The Montreal Daily News wrote: “This beautiful work must be regarded as a most valuable addition to the literature of Canada. It is a joint production of two ladies, Mrs. Agnes Fitzgibbon of Toronto and her aunt, Mrs. Traill of North Douro, a lady well-known to the literary world, sister of Miss Agnes Strickland, the celebrated authoress of the Lives of the Queens of England … Between them these ladies have produced a work of great merit; and we rise from its perusal full of hope for the future literary reputation of the Dominion.” The periodical New Century referred to the book as “[o]ne of the most remarkable works ever attempted by a woman.” Agnes Fitzgibbon, who had stayed in Montreal to oversee the first printing, easily found subscribers amongst that cosmopolitan city’s literary set for a second and then a third edition within a few months.

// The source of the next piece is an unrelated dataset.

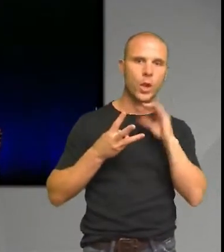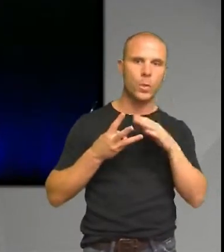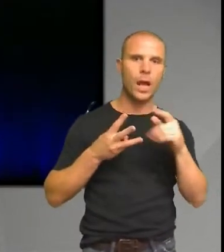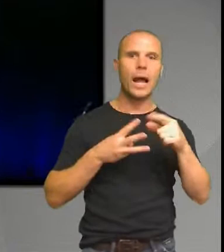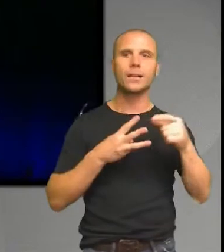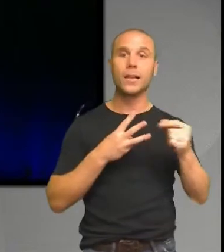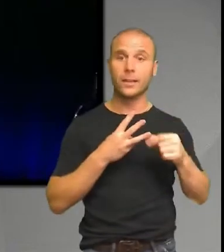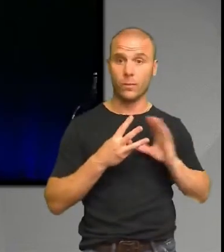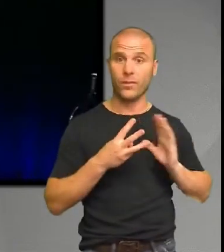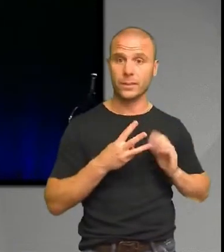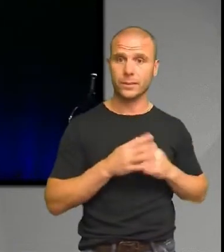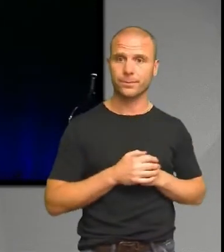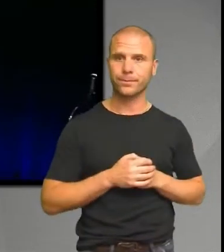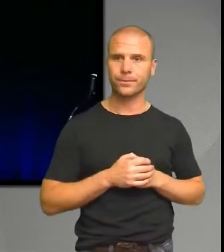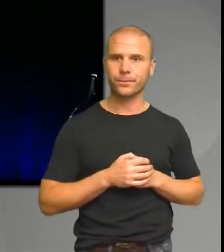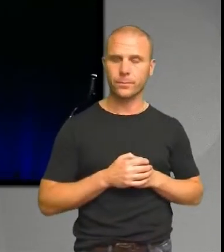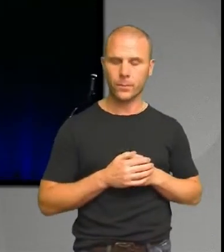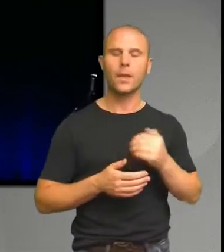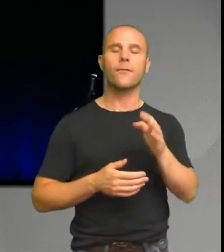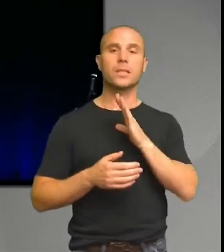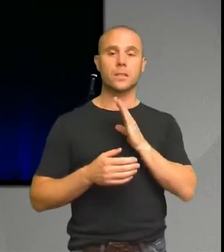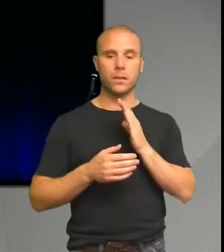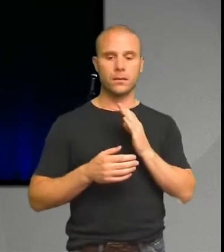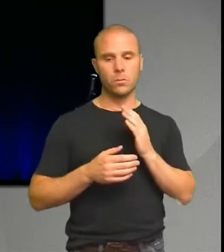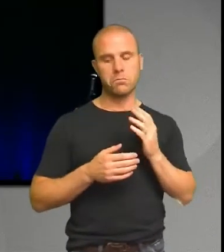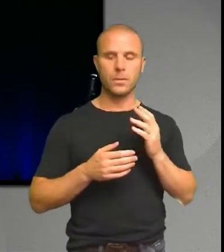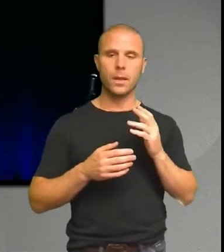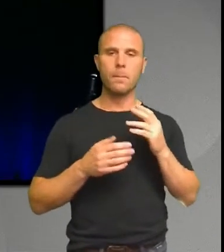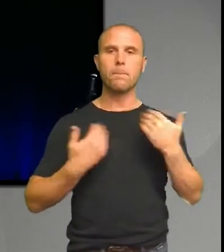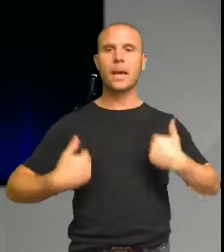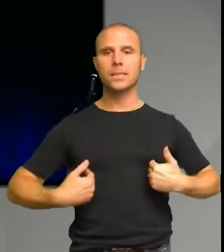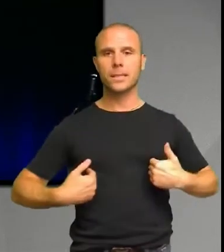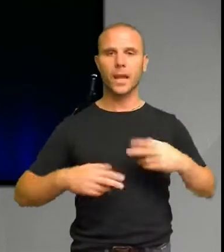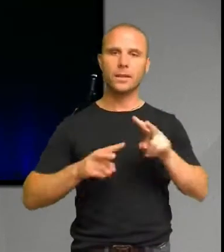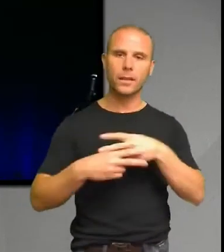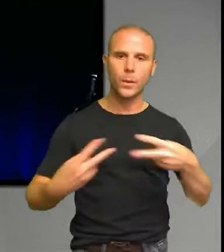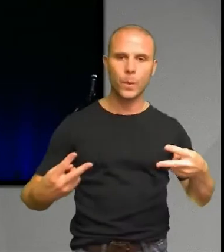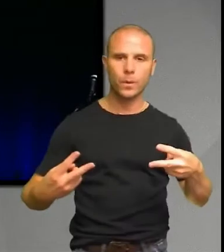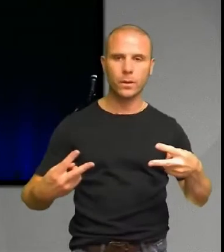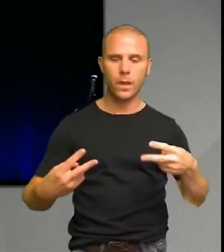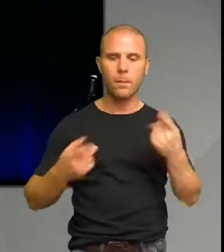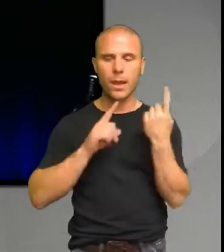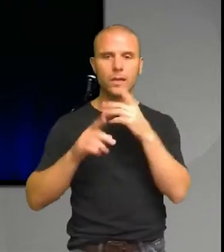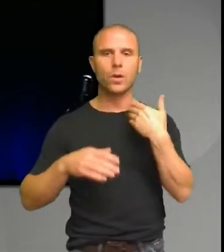Man brukar säga att det finns mänsklig natur. Att vi kanske är giriga. Människan är girig, därför det ser ut som det gör. Men det finns väldigt,

Spurred by success, Catharine and Agnes planned English and American editions, and further botanical collaborations. Catharine must have hoped that this triumph would stimulate interest amongst publishers for her longer manuscript about plants. But all these hopes and plans were quickly overtaken by events. A more attractive proposition than literary sweat and toil came along for pretty, clever Agnes Fitzgibbon: a new suitor. While selling subscriptions for Canadian Wild Flowers in Ottawa, she had been introduced to Colonel Brown Chamberlin. Chamberlin, a lawyer who owned the Montreal Gazette, was active in the militia and was the Conservative member of Parliament for the Eastern Townships riding of Missisquoi. Moreover, the dashing Colonel Chamberlin had served Sir John A. Macdonald, his political boss, so well that a patronage plum came his way: in early 1870, he was appointed Queen’s Printer, which gave him a very comfortable annual salary of $2,000. Within a year of first meeting, Agnes and her suitor were married. Agnes had achieved what every young widow of the era prayed for: a second chance. Moreover, unlike Charles Fitzgibbon, Brown Chamberlin offered the three Rs—he was rich, respectable and reliable. In 1871, thirty-eight-year-old Agnes Chamberlin gave birth to her fourth daughter and (counting the four earlier deaths) ninth child. She no longer had the time or inclination to scrape a living in the book world.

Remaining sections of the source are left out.